- Task statement:
Would you transcribe the entries below word for word, omitting all images?

────────

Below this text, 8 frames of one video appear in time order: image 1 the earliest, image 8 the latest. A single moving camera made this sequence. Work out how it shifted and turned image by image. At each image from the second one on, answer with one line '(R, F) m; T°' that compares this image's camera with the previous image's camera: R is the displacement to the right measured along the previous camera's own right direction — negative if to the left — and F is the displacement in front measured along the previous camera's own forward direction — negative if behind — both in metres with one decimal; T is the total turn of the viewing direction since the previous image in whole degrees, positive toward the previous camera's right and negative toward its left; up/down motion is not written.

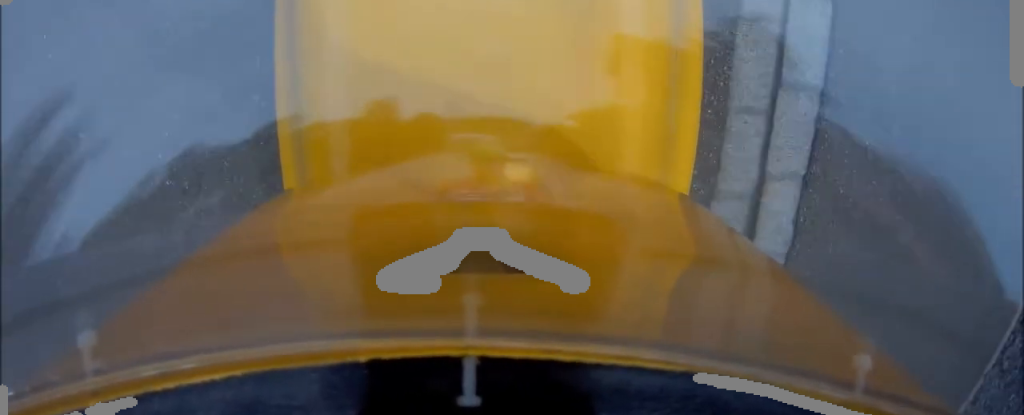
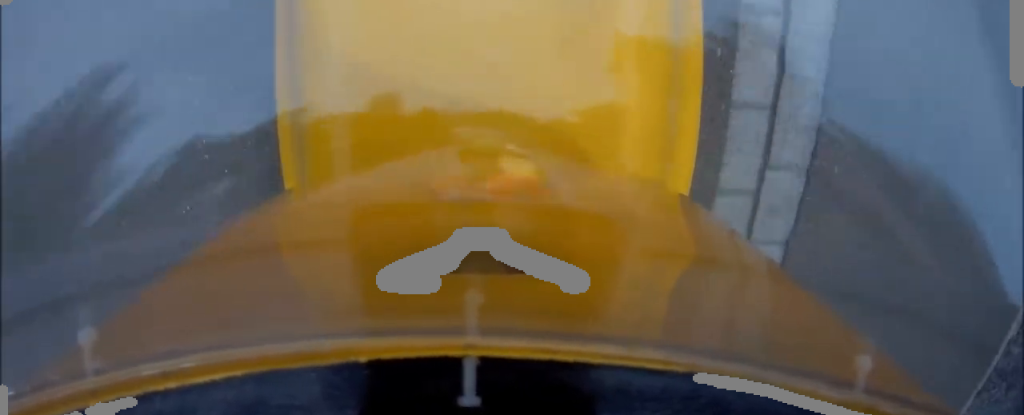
(+0.1, +1.5) m; -2°
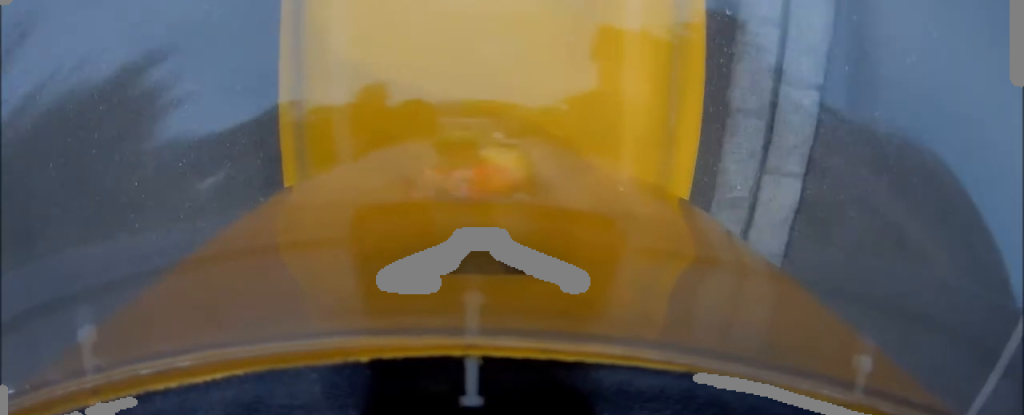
(-0.3, +2.6) m; 0°
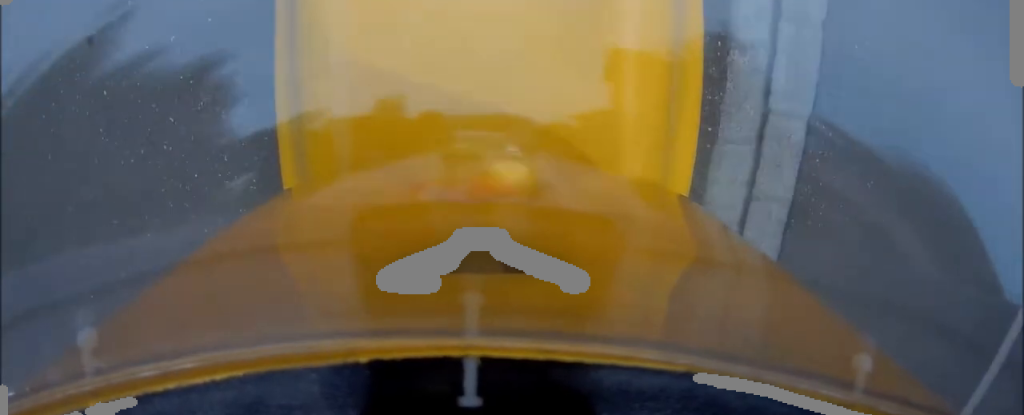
(+0.1, +2.5) m; +2°
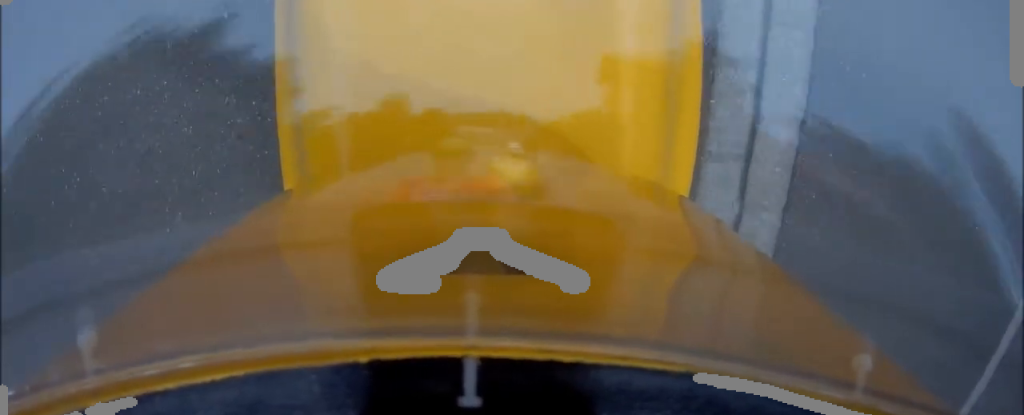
(+0.3, +5.2) m; +3°
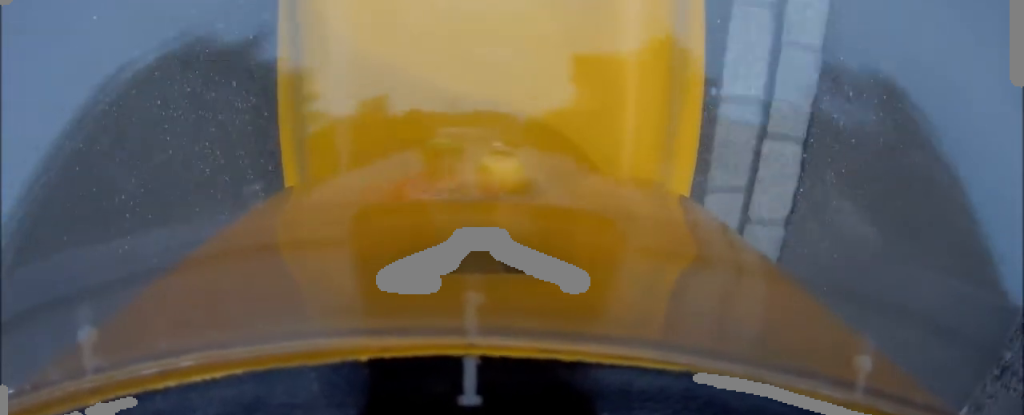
(+0.1, +4.8) m; +1°
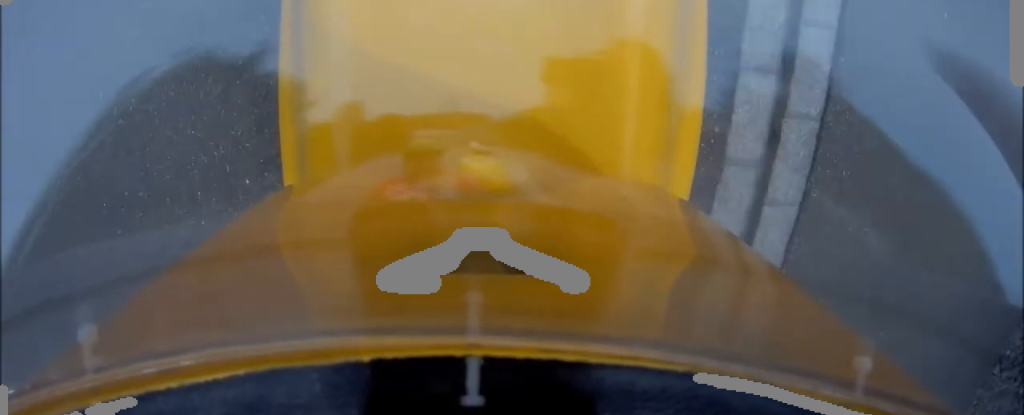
(0.0, +3.3) m; 0°
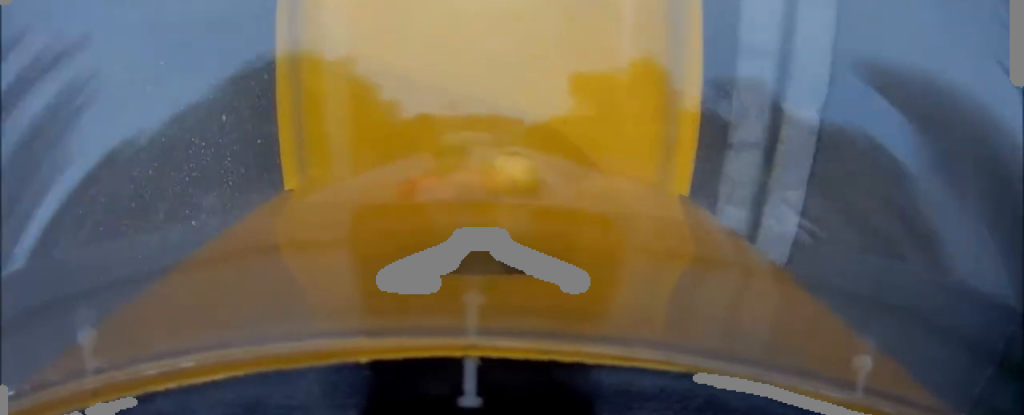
(-0.8, +8.1) m; -5°

────────

- Solution for this exercise:
Below this text, 8 frames of one video appear in time order: image 1 the earliest, image 8 the latest. A single moving camera made this sequence. Work out how it shifted and turned image by image. At each image from the second one on, answer with one line '(R, F) m; T°' that compares this image's camera with the previous image's camera: R is the displacement to the right measured along the previous camera's own right direction — negative if to the left — and F is the displacement in front measured along the previous camera's own forward direction — negative if behind — both in metres with one decimal; T is the total turn of the viewing direction since the previous image in whole degrees, positive toward the previous camera's right and negative toward its left; up/down motion is not written.

(+0.1, +1.5) m; -2°
(-0.3, +2.6) m; 0°
(+0.1, +2.5) m; +2°
(+0.3, +5.2) m; +3°
(+0.1, +4.8) m; +1°
(0.0, +3.3) m; 0°
(-0.8, +8.1) m; -5°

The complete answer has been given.